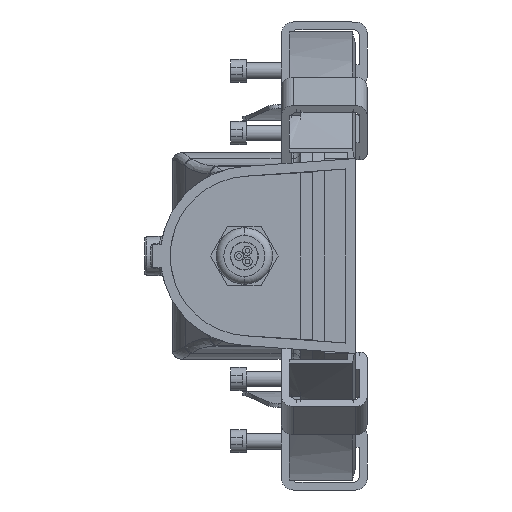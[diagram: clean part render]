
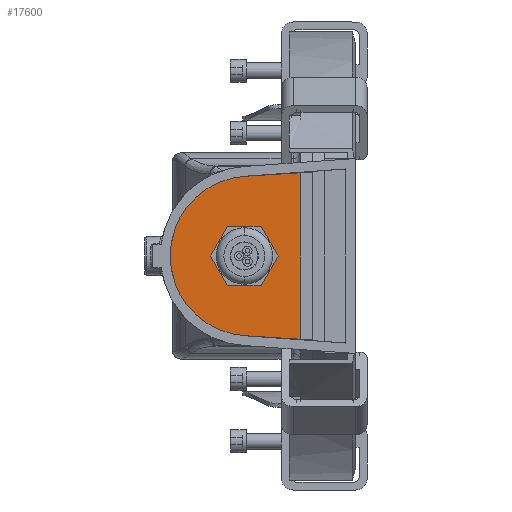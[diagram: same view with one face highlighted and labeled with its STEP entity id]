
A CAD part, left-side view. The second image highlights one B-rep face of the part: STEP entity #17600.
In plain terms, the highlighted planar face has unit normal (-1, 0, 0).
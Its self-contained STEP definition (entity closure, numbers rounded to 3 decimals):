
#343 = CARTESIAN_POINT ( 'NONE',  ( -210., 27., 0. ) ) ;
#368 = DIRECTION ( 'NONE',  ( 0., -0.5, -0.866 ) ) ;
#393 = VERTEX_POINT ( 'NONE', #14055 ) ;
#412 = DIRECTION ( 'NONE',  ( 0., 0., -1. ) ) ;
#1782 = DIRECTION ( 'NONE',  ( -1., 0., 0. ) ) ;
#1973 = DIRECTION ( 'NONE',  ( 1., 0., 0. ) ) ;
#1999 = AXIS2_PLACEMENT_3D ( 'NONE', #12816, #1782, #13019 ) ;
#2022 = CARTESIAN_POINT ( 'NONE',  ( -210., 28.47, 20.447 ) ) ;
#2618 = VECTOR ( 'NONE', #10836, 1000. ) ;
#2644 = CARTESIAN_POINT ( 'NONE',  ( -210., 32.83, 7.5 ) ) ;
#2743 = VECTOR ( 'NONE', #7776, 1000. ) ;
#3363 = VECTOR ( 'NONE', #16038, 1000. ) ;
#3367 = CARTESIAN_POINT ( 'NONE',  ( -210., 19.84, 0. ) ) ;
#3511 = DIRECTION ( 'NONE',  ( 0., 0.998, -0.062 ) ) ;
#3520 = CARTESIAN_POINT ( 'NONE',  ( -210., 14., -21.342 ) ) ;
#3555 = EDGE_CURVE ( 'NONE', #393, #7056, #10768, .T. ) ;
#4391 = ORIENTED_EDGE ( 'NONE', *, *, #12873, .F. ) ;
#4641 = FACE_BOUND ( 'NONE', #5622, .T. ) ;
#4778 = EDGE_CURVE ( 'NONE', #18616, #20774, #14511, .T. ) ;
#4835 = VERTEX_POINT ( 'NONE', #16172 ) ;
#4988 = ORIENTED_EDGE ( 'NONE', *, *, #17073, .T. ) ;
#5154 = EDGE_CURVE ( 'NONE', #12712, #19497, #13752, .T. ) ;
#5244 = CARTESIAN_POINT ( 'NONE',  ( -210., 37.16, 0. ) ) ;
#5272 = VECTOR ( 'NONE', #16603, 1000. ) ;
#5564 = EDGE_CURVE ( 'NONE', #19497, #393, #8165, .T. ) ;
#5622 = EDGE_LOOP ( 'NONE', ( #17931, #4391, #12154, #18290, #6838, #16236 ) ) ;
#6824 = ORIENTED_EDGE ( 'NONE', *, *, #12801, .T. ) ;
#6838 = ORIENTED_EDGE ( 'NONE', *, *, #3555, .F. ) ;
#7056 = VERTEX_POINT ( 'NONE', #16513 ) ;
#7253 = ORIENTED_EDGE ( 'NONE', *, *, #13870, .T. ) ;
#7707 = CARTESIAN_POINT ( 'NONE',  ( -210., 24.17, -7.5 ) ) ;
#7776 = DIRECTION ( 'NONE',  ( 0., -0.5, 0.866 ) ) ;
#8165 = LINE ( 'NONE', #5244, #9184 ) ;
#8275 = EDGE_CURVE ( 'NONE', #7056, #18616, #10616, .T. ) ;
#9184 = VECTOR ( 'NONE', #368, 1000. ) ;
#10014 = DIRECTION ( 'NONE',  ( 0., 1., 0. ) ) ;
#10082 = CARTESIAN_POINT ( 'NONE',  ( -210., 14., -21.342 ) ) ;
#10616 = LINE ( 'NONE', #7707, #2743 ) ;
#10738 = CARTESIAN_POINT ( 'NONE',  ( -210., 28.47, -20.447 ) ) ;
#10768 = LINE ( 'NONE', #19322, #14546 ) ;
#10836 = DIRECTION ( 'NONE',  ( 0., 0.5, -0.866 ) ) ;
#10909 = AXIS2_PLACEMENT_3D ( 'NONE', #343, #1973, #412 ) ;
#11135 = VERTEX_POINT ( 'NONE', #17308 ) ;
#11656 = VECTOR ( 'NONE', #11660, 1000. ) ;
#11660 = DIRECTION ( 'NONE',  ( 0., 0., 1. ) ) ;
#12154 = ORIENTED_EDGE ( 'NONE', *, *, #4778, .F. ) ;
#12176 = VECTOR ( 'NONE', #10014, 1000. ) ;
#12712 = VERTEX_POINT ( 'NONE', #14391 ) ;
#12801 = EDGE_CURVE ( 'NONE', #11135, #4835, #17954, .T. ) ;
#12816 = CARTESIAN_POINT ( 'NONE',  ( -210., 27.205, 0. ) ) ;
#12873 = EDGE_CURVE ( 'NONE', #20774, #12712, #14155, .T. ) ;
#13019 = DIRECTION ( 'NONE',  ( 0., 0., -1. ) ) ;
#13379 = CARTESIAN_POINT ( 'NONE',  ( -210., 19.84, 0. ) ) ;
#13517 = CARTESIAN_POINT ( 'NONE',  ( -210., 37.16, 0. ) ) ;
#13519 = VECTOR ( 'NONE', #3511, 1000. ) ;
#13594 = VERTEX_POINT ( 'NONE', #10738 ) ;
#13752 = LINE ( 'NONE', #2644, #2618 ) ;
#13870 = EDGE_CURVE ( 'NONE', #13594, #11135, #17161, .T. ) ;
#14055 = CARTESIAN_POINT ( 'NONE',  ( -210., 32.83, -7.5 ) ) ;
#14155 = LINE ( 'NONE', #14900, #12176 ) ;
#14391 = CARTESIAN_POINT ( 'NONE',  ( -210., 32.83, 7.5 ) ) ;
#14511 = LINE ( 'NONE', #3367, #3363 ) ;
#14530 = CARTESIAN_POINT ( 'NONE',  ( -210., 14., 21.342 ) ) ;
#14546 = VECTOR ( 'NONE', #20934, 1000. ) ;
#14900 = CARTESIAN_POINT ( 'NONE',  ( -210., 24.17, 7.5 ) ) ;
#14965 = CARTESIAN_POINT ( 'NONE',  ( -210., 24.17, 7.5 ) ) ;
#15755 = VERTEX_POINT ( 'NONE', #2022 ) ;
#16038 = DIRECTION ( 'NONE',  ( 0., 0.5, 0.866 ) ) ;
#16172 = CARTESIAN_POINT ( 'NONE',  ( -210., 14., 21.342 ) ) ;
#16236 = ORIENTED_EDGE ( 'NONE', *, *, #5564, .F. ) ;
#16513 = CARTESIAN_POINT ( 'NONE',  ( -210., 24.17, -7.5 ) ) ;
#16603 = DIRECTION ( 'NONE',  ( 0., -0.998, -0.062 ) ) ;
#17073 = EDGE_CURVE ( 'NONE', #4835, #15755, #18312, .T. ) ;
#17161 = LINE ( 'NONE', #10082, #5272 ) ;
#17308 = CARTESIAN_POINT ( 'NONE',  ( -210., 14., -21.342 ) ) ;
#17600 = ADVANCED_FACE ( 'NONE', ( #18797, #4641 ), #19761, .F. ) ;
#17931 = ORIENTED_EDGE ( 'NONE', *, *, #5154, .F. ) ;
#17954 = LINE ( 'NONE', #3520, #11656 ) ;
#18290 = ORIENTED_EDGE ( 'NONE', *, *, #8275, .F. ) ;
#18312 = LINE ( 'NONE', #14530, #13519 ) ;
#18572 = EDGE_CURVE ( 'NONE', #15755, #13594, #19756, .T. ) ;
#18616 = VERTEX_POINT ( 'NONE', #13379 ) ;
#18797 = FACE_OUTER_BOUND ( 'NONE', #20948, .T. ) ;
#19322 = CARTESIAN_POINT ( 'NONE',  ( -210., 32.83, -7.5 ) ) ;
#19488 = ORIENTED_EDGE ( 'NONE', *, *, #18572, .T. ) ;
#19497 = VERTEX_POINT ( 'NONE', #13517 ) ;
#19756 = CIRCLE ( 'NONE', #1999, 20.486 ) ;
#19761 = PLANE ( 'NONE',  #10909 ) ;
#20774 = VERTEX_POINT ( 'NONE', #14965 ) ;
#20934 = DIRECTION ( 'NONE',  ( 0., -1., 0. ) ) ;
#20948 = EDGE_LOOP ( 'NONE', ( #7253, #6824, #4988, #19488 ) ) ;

* Try it
Reproduce verbatim the opening line of the material and every line after it, up to and including the line with "Its self-contained STEP", but no pictures.

* Written response
[diagram: clean part render]
[diagram: same view with one face highlighted and labeled with its STEP entity id]
A CAD part, left-side view. The second image highlights one B-rep face of the part: STEP entity #17600.
In plain terms, the highlighted planar face has unit normal (-1, 0, 0).
Its self-contained STEP definition (entity closure, numbers rounded to 3 decimals):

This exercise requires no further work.